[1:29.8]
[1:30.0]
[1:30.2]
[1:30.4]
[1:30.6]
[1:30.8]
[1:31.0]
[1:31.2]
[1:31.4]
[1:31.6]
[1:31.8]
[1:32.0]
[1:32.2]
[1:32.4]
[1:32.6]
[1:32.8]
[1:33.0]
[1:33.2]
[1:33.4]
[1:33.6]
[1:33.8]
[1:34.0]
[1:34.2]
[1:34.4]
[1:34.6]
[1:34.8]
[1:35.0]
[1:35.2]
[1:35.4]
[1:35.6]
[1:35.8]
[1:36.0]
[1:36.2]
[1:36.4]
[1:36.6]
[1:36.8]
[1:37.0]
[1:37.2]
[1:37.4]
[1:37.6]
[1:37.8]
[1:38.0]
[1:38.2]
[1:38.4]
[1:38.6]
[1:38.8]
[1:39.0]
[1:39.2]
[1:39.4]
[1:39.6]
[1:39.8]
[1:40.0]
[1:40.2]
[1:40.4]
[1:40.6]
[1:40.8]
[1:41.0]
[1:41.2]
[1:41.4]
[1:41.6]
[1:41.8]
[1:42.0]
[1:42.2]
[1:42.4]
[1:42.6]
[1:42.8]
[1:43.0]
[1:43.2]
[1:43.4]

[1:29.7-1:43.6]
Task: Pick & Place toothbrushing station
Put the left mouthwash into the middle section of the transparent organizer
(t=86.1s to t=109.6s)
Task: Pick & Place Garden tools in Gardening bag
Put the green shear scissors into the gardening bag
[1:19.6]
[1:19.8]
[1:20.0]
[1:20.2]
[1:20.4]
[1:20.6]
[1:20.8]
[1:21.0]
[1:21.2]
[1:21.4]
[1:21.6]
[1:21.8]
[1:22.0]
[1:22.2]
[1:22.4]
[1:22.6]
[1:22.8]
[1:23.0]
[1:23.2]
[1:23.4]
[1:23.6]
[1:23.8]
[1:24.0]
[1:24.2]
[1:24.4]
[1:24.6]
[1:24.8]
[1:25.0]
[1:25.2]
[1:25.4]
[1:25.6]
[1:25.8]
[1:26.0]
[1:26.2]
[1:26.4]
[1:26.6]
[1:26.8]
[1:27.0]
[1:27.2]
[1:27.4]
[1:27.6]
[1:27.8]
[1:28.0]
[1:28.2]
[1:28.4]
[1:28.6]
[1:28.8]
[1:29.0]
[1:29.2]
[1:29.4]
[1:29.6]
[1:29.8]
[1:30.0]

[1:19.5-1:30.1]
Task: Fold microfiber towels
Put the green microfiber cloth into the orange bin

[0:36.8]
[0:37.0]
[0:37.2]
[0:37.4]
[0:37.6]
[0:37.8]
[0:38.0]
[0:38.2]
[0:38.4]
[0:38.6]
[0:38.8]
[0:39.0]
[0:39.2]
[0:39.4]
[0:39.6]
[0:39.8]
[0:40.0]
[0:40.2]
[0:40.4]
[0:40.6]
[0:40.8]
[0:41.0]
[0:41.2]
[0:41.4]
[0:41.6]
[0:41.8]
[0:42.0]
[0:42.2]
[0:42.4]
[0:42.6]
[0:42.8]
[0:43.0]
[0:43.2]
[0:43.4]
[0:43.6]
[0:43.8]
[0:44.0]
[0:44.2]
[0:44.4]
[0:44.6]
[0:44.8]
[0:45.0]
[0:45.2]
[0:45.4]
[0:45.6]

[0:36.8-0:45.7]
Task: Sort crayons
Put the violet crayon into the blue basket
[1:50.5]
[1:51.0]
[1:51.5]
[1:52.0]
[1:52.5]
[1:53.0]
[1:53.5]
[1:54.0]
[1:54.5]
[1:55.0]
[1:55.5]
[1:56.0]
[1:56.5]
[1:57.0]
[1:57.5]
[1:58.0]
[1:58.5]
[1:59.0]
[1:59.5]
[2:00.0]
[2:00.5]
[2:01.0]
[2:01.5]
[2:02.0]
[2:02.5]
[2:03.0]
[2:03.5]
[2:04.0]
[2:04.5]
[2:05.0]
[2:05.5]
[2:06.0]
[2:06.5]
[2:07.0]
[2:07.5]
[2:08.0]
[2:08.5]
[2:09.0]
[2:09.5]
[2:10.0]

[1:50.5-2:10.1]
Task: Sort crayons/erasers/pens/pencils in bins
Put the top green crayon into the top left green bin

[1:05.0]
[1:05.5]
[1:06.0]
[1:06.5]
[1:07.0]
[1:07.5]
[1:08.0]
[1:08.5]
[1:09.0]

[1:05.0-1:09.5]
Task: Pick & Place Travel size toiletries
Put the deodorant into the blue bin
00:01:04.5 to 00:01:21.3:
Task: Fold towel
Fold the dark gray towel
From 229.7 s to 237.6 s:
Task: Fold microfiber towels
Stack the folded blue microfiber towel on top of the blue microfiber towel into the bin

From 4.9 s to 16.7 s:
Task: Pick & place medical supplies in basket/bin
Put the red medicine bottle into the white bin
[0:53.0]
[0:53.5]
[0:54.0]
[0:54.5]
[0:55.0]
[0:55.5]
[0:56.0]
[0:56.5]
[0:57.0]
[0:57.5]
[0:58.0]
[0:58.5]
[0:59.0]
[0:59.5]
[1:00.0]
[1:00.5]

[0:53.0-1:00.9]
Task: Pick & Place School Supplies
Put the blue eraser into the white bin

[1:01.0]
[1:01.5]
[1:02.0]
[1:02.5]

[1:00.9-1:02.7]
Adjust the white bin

----------------

## [Problem description]
The entries above must be returned exactly.

## [Your solution]
[1:29.8]
[1:30.0]
[1:30.2]
[1:30.4]
[1:30.6]
[1:30.8]
[1:31.0]
[1:31.2]
[1:31.4]
[1:31.6]
[1:31.8]
[1:32.0]
[1:32.2]
[1:32.4]
[1:32.6]
[1:32.8]
[1:33.0]
[1:33.2]
[1:33.4]
[1:33.6]
[1:33.8]
[1:34.0]
[1:34.2]
[1:34.4]
[1:34.6]
[1:34.8]
[1:35.0]
[1:35.2]
[1:35.4]
[1:35.6]
[1:35.8]
[1:36.0]
[1:36.2]
[1:36.4]
[1:36.6]
[1:36.8]
[1:37.0]
[1:37.2]
[1:37.4]
[1:37.6]
[1:37.8]
[1:38.0]
[1:38.2]
[1:38.4]
[1:38.6]
[1:38.8]
[1:39.0]
[1:39.2]
[1:39.4]
[1:39.6]
[1:39.8]
[1:40.0]
[1:40.2]
[1:40.4]
[1:40.6]
[1:40.8]
[1:41.0]
[1:41.2]
[1:41.4]
[1:41.6]
[1:41.8]
[1:42.0]
[1:42.2]
[1:42.4]
[1:42.6]
[1:42.8]
[1:43.0]
[1:43.2]
[1:43.4]

[1:29.7-1:43.6]
Task: Pick & Place toothbrushing station
Put the left mouthwash into the middle section of the transparent organizer
(t=86.1s to t=109.6s)
Task: Pick & Place Garden tools in Gardening bag
Put the green shear scissors into the gardening bag
[1:19.6]
[1:19.8]
[1:20.0]
[1:20.2]
[1:20.4]
[1:20.6]
[1:20.8]
[1:21.0]
[1:21.2]
[1:21.4]
[1:21.6]
[1:21.8]
[1:22.0]
[1:22.2]
[1:22.4]
[1:22.6]
[1:22.8]
[1:23.0]
[1:23.2]
[1:23.4]
[1:23.6]
[1:23.8]
[1:24.0]
[1:24.2]
[1:24.4]
[1:24.6]
[1:24.8]
[1:25.0]
[1:25.2]
[1:25.4]
[1:25.6]
[1:25.8]
[1:26.0]
[1:26.2]
[1:26.4]
[1:26.6]
[1:26.8]
[1:27.0]
[1:27.2]
[1:27.4]
[1:27.6]
[1:27.8]
[1:28.0]
[1:28.2]
[1:28.4]
[1:28.6]
[1:28.8]
[1:29.0]
[1:29.2]
[1:29.4]
[1:29.6]
[1:29.8]
[1:30.0]

[1:19.5-1:30.1]
Task: Fold microfiber towels
Put the green microfiber cloth into the orange bin

[0:36.8]
[0:37.0]
[0:37.2]
[0:37.4]
[0:37.6]
[0:37.8]
[0:38.0]
[0:38.2]
[0:38.4]
[0:38.6]
[0:38.8]
[0:39.0]
[0:39.2]
[0:39.4]
[0:39.6]
[0:39.8]
[0:40.0]
[0:40.2]
[0:40.4]
[0:40.6]
[0:40.8]
[0:41.0]
[0:41.2]
[0:41.4]
[0:41.6]
[0:41.8]
[0:42.0]
[0:42.2]
[0:42.4]
[0:42.6]
[0:42.8]
[0:43.0]
[0:43.2]
[0:43.4]
[0:43.6]
[0:43.8]
[0:44.0]
[0:44.2]
[0:44.4]
[0:44.6]
[0:44.8]
[0:45.0]
[0:45.2]
[0:45.4]
[0:45.6]

[0:36.8-0:45.7]
Task: Sort crayons
Put the violet crayon into the blue basket
[1:50.5]
[1:51.0]
[1:51.5]
[1:52.0]
[1:52.5]
[1:53.0]
[1:53.5]
[1:54.0]
[1:54.5]
[1:55.0]
[1:55.5]
[1:56.0]
[1:56.5]
[1:57.0]
[1:57.5]
[1:58.0]
[1:58.5]
[1:59.0]
[1:59.5]
[2:00.0]
[2:00.5]
[2:01.0]
[2:01.5]
[2:02.0]
[2:02.5]
[2:03.0]
[2:03.5]
[2:04.0]
[2:04.5]
[2:05.0]
[2:05.5]
[2:06.0]
[2:06.5]
[2:07.0]
[2:07.5]
[2:08.0]
[2:08.5]
[2:09.0]
[2:09.5]
[2:10.0]

[1:50.5-2:10.1]
Task: Sort crayons/erasers/pens/pencils in bins
Put the top green crayon into the top left green bin

[1:05.0]
[1:05.5]
[1:06.0]
[1:06.5]
[1:07.0]
[1:07.5]
[1:08.0]
[1:08.5]
[1:09.0]

[1:05.0-1:09.5]
Task: Pick & Place Travel size toiletries
Put the deodorant into the blue bin
00:01:04.5 to 00:01:21.3:
Task: Fold towel
Fold the dark gray towel
From 229.7 s to 237.6 s:
Task: Fold microfiber towels
Stack the folded blue microfiber towel on top of the blue microfiber towel into the bin

From 4.9 s to 16.7 s:
Task: Pick & place medical supplies in basket/bin
Put the red medicine bottle into the white bin
[0:53.0]
[0:53.5]
[0:54.0]
[0:54.5]
[0:55.0]
[0:55.5]
[0:56.0]
[0:56.5]
[0:57.0]
[0:57.5]
[0:58.0]
[0:58.5]
[0:59.0]
[0:59.5]
[1:00.0]
[1:00.5]

[0:53.0-1:00.9]
Task: Pick & Place School Supplies
Put the blue eraser into the white bin

[1:01.0]
[1:01.5]
[1:02.0]
[1:02.5]

[1:00.9-1:02.7]
Adjust the white bin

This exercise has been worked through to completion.